I know there are already some similar subjects in this Forum, yet some aspects remain unclear to me. My questions are:

(1) When I reconstruct the time evolution from the N first harmonics computed from the Discrete Fourier Transform (DFT), the explained variability of the original signal (the R² of the linear model between recomposed signal and the original data) is sometimes only 0.40 (N=3) or 0.60 (N=5). In your experience, does it mean the data are not suited for this approach, does that invalidate the approach? Is there more pre-processing I could do to fix that (e.g., smoothing the signals, …)? Some species exhibit sudden increases spaced by total absence, and I wonder if this doesn’t call for the need of higher frequency harmonics; should I expect difficulties there and how to tackle them?

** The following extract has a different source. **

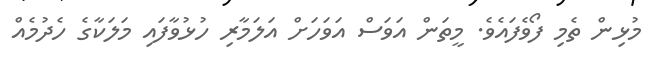
މުޅިން ތެމި ފޯވެފައެވެ. މީތަން އަވަސް އަވަހަށް އަލަމާރި ހުޅުވާފައި މަލަކާގެ ހެދުމެއް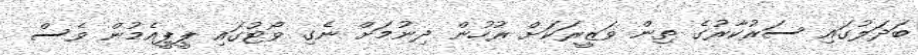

(2) Beside DFT which appears limited here, I considered using continuous Fourier Transform through a Fast Fourier Transform (FFT) algorithm and working on the power spectrum of each time series. I wonder if this could allow me to select N' so-called “harmonics” by selecting the N' highest peaks in the periodogram and then calculating the corresponding amplitude and phase to be used in a following PCA... Does that make sense? How to concretely use the info given by a FFT algorithm in R (such as fft() or spec.pgram()) in order to run a subsequent PCA (or any other clustering method)? [any R code snippet would be very welcome]

(3) How to reconstruct the signal from selected harmonics in the continuous case (FFT)? I can easily do this in the DFT case, but I am stupidly blocked in the continuous case… Any R code snippet is of course very welcome.

Any help regarding these questions would be very appreciated. Links toward concrete examples, especially with associated R code, would be very helpful too (as well as method name or keywords). Thank you.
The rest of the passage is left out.